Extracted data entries
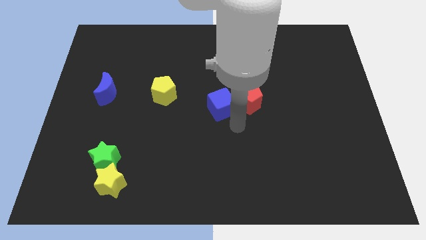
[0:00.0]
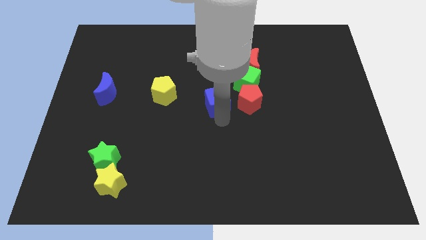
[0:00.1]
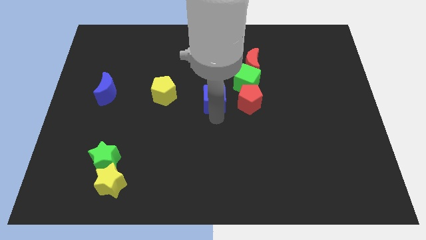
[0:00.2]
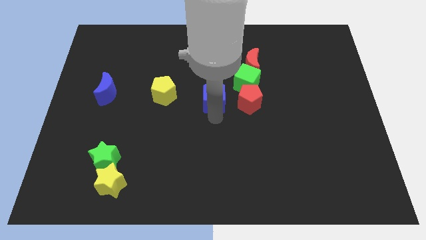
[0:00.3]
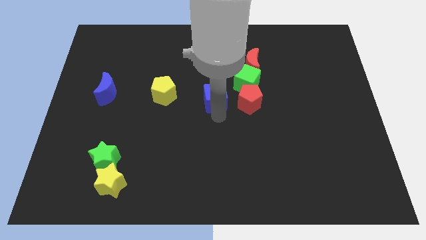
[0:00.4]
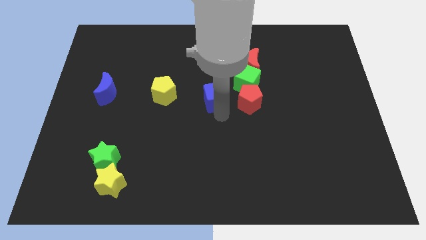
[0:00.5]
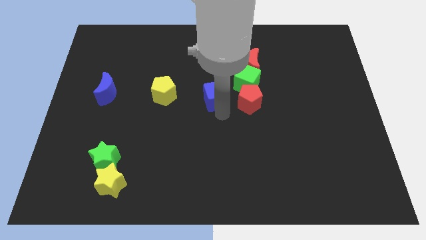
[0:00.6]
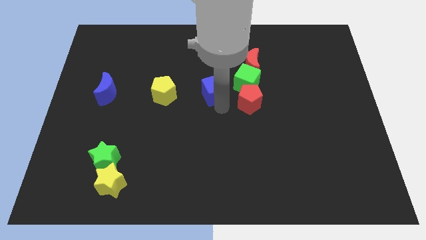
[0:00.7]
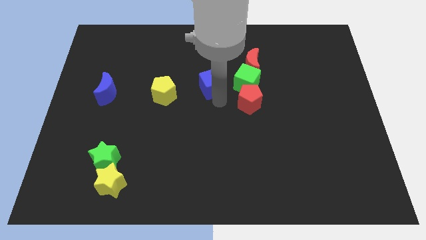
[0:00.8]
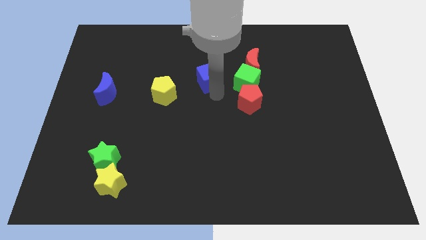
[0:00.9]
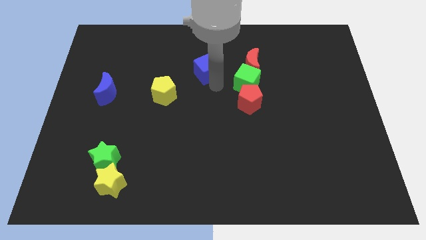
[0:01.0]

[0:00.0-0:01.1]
separate blue cube from red pentagon

**The task:** Copy out all the data without changing anything, and drop the pictures.

**Answer to this task:**
[0:00.0]
[0:00.1]
[0:00.2]
[0:00.3]
[0:00.4]
[0:00.5]
[0:00.6]
[0:00.7]
[0:00.8]
[0:00.9]
[0:01.0]

[0:00.0-0:01.1]
separate blue cube from red pentagon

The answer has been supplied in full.